** Given records **
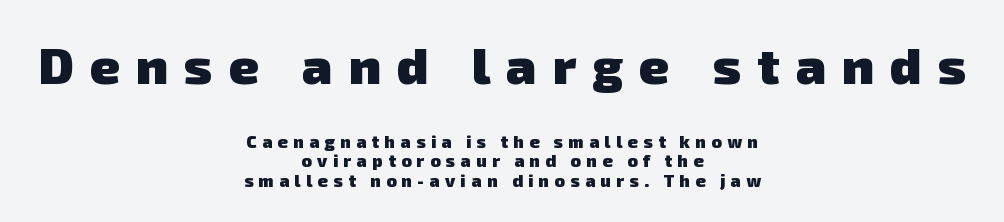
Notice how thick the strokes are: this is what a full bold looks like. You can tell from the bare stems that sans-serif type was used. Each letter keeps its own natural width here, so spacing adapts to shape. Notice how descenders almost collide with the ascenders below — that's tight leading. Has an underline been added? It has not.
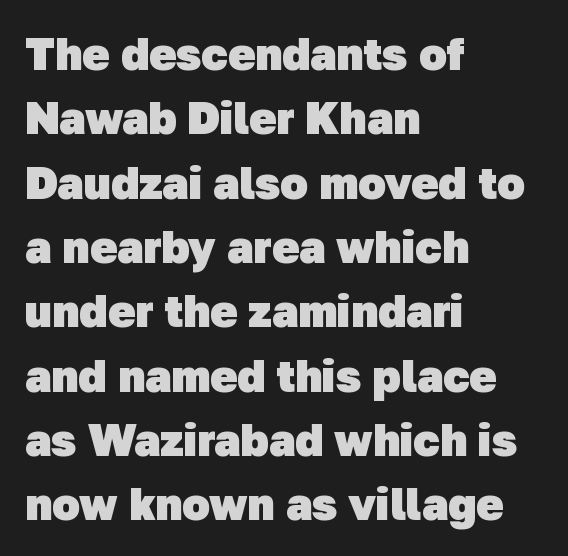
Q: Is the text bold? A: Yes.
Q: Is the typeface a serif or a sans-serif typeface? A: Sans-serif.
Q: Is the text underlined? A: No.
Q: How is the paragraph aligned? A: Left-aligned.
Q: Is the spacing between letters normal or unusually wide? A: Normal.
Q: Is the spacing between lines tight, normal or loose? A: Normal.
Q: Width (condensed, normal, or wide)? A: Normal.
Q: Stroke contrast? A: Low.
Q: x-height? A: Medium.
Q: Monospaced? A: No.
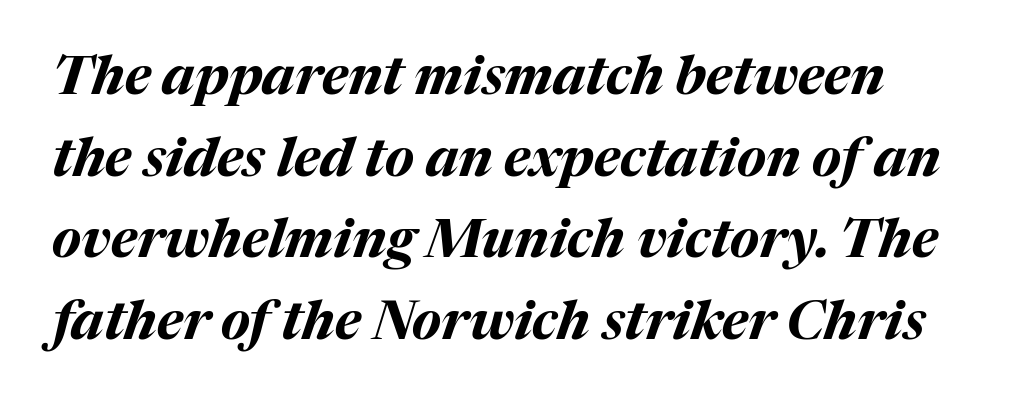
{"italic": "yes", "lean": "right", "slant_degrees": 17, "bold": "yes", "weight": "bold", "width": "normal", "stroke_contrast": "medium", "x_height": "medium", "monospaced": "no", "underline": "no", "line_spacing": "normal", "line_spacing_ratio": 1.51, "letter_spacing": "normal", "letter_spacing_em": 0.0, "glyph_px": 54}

* * *

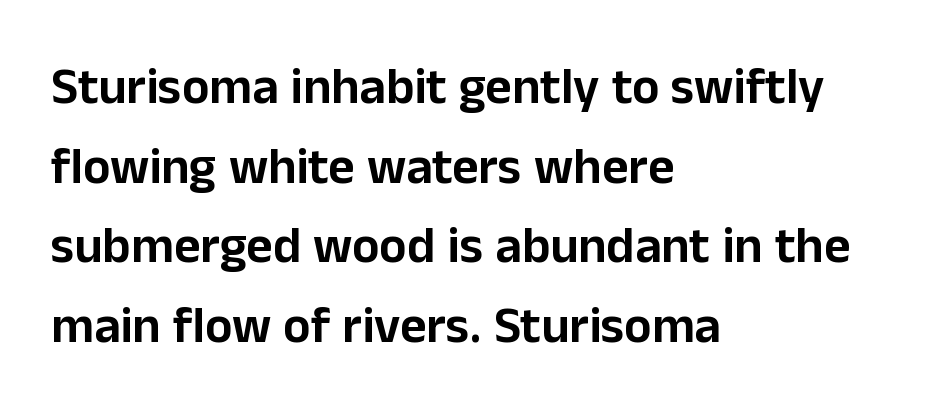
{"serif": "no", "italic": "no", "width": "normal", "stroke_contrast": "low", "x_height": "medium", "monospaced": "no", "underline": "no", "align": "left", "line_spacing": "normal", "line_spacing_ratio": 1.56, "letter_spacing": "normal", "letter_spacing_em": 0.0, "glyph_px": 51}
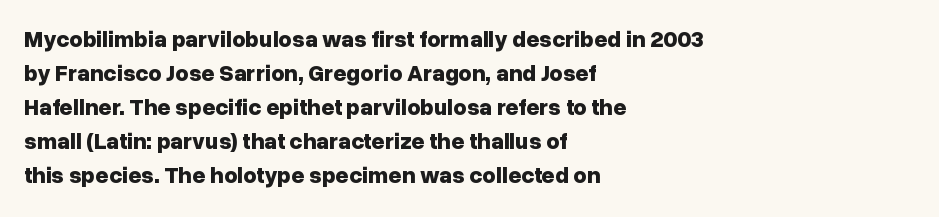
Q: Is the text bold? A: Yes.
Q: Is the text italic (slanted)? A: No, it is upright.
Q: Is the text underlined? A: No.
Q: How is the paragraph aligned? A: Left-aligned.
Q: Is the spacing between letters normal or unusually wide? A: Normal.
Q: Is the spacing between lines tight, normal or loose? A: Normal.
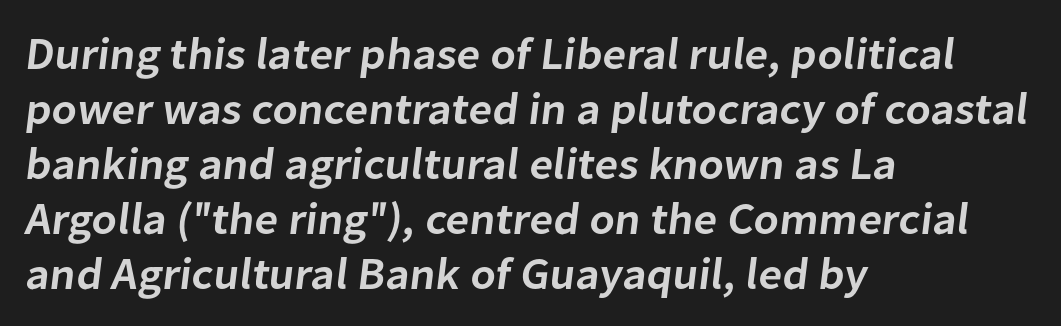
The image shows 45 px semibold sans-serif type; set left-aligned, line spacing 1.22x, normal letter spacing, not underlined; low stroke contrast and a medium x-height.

--

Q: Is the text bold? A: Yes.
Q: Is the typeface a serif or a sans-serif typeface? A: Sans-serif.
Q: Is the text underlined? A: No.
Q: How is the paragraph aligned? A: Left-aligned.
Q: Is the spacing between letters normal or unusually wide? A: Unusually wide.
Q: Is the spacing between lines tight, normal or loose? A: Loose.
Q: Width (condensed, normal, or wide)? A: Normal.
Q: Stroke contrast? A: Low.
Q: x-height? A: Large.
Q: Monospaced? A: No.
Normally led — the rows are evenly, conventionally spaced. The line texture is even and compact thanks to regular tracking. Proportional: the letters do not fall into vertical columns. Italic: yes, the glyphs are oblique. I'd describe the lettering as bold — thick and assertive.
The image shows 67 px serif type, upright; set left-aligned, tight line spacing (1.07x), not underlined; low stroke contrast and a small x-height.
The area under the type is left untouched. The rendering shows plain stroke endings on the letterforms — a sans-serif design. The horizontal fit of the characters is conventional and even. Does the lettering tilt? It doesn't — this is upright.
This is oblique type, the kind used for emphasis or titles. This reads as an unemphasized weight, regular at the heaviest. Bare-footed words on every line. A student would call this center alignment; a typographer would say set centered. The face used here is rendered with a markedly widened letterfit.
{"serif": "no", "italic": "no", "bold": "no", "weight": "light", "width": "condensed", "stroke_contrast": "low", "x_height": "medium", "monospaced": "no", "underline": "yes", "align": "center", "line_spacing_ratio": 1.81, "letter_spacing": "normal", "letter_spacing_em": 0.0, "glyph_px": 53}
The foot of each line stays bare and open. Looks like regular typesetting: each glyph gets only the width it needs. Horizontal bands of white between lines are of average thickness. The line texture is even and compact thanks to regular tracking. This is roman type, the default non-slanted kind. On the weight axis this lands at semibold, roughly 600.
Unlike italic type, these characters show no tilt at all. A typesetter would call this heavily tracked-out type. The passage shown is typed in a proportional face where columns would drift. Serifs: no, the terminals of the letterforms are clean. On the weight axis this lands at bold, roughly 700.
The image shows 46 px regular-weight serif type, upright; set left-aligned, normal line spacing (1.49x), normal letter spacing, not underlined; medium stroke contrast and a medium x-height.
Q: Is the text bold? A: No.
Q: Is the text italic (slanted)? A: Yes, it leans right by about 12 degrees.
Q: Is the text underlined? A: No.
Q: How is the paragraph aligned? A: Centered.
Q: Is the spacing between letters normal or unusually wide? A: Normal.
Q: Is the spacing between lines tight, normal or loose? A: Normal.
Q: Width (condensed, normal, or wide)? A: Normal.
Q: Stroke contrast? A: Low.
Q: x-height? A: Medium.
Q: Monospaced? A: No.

** What you are asked to do **
Reproduce each line from the listing above that includes the word "shows".

** Result for this task **
The image shows 45 px semibold sans-serif type; set left-aligned, line spacing 1.22x, normal letter spacing, not underlined; low stroke contrast and a medium x-height.
The image shows 67 px serif type, upright; set left-aligned, tight line spacing (1.07x), not underlined; low stroke contrast and a small x-height.
The area under the type is left untouched. The rendering shows plain stroke endings on the letterforms — a sans-serif design. The horizontal fit of the characters is conventional and even. Does the lettering tilt? It doesn't — this is upright.
The image shows 46 px regular-weight serif type, upright; set left-aligned, normal line spacing (1.49x), normal letter spacing, not underlined; medium stroke contrast and a medium x-height.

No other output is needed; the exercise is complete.